Having a mix of revolving credit (credit cards, lines of credit) and installment credit (car loan, student loan, personal loan) can help your score. This factor is about 10% of the total. If you have only credit cards, adding a small installment loan (if you need one) can improve your credit mix. But do not take on debt just for the sake of your score.

Review your credit report from both Equifax and TransUnion. Look for:

  • Late payments that you actually paid on time
  • Accounts you do not recognize (possible fraud or reporting error)
  • Incorrect balances or credit limits
  • Closed accounts still showing as open, or vice versa
  • Old negative items that should have aged off (most negative items are removed after 6 to 7 years in Canada)

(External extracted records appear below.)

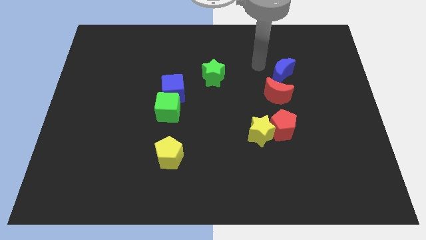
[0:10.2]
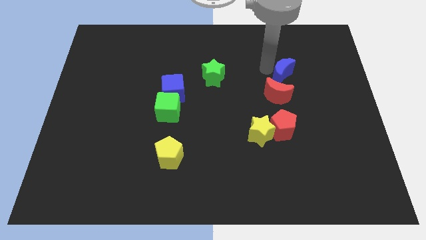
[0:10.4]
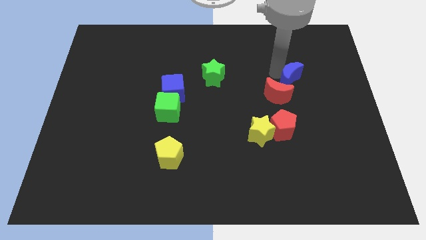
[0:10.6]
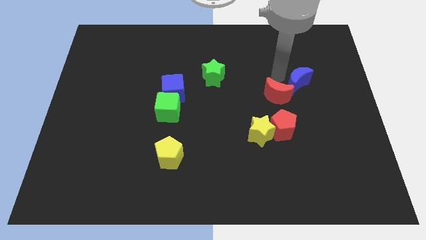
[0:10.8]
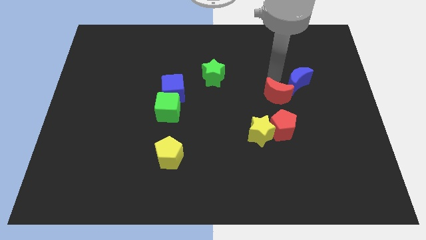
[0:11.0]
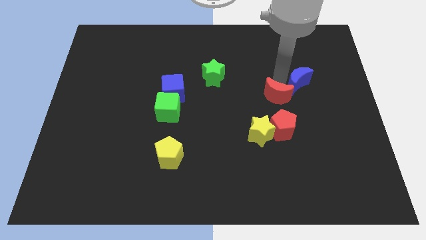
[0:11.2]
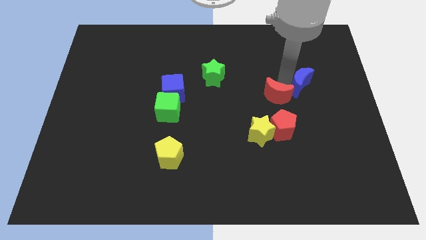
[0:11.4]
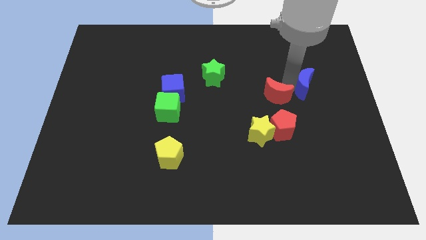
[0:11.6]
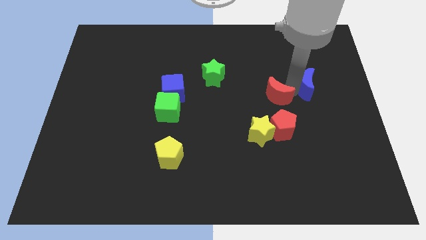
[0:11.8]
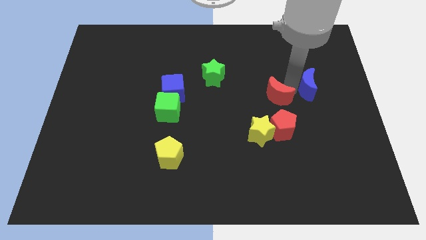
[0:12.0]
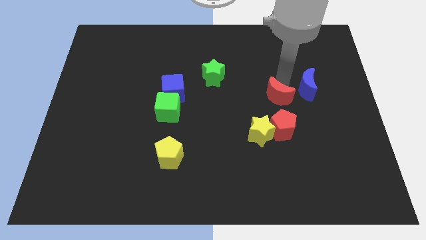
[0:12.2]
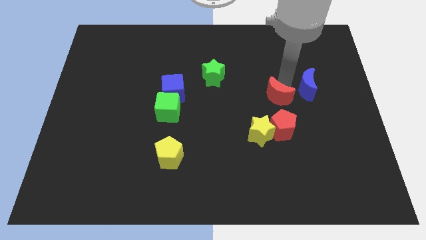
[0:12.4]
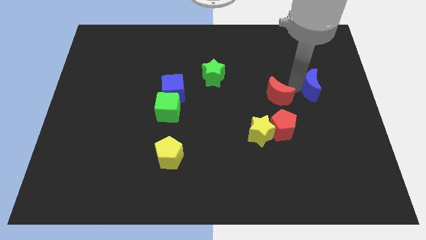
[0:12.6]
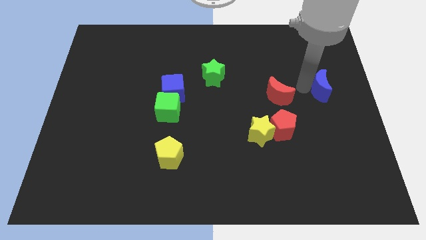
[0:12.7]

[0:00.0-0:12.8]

File disputes directly with the credit bureau online. They are required to investigate within 30 days. Correcting errors is one of the fastest ways to improve your score.

The timeline depends on what you are fixing:

  • Paying down high balances: Score improvements can show up within 30 to 60 days after the lower balance is reported to the bureaus.
  • Establishing on-time payment history: After 3 to 6 months of perfect payments, you will see gradual improvement. After 12 months, the impact is substantial.
  • Recovering from missed payments: A single missed payment can take 12 to 24 months to significantly fade in impact, though it remains on your report for 6 years.
  • Recovering from collections or bankruptcy: This is a longer road — typically 2 to 3 years of rebuilding before you can qualify with a traditional lender.

Your credit score is important, but lenders also look at:

  • Payment patterns: Even if your score is good, a lender will look at how you manage payments. Consistent minimum payments with no missed deadlines look better than erratic payment behaviour.
  • Outstanding debt: How much total debt do you carry? This feeds into your debt service ratios, which we cover in the financial checklist section.
  • Credit inquiries: Multiple hard inquiries in a short period can signal financial stress. However, mortgage-related inquiries within a 14 to 45-day window are typically treated as a single inquiry, so shopping around for rates is fine.
  • Bankruptcy or consumer proposals: These remain on your credit report for 6 to 7 years and will significantly limit your mortgage options during that period.

If you know homeownership is a goal, start working on your credit score now. Even small improvements can unlock better rates and save you thousands over the life of your mortgage.